_Exercise directions_. Search through the entries for the word "classes" and copy every line that has it.

_Provided information_.
#####

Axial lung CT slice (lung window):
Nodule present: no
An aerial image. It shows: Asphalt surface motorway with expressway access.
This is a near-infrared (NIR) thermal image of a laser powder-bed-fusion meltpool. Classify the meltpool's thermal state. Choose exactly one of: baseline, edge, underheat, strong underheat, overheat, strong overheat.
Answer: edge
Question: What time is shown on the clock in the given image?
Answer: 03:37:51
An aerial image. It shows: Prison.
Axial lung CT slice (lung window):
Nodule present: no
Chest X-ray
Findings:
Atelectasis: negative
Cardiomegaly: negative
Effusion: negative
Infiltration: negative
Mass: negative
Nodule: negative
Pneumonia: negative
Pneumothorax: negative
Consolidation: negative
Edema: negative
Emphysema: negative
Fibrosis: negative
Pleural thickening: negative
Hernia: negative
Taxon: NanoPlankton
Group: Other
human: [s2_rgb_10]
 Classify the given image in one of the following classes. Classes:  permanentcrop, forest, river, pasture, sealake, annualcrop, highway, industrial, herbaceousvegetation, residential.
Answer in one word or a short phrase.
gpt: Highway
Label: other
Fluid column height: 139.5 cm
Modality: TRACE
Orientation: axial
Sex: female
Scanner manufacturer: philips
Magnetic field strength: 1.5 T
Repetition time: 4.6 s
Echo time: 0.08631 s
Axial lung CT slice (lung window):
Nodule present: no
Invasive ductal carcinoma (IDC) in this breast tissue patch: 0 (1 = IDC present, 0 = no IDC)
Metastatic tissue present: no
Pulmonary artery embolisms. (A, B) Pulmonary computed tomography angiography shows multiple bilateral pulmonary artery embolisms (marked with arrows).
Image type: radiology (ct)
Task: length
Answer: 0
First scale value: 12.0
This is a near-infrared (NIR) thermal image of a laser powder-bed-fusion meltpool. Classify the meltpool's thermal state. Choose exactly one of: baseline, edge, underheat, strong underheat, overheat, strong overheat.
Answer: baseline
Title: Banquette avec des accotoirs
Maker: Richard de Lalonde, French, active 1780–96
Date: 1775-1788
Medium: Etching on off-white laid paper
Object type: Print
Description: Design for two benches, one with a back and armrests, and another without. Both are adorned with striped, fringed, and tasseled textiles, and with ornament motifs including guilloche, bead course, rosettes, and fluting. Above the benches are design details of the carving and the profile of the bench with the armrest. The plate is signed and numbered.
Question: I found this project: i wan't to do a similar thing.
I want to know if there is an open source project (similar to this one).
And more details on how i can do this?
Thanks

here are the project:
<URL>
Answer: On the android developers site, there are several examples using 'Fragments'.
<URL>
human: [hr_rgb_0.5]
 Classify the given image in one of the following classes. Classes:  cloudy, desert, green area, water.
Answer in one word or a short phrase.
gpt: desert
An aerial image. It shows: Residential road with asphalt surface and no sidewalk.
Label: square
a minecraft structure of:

#####

_Output for this task_.
 Classify the given image in one of the following classes. Classes:  permanentcrop, forest, river, pasture, sealake, annualcrop, highway, industrial, herbaceousvegetation, residential.
 Classify the given image in one of the following classes. Classes:  cloudy, desert, green area, water.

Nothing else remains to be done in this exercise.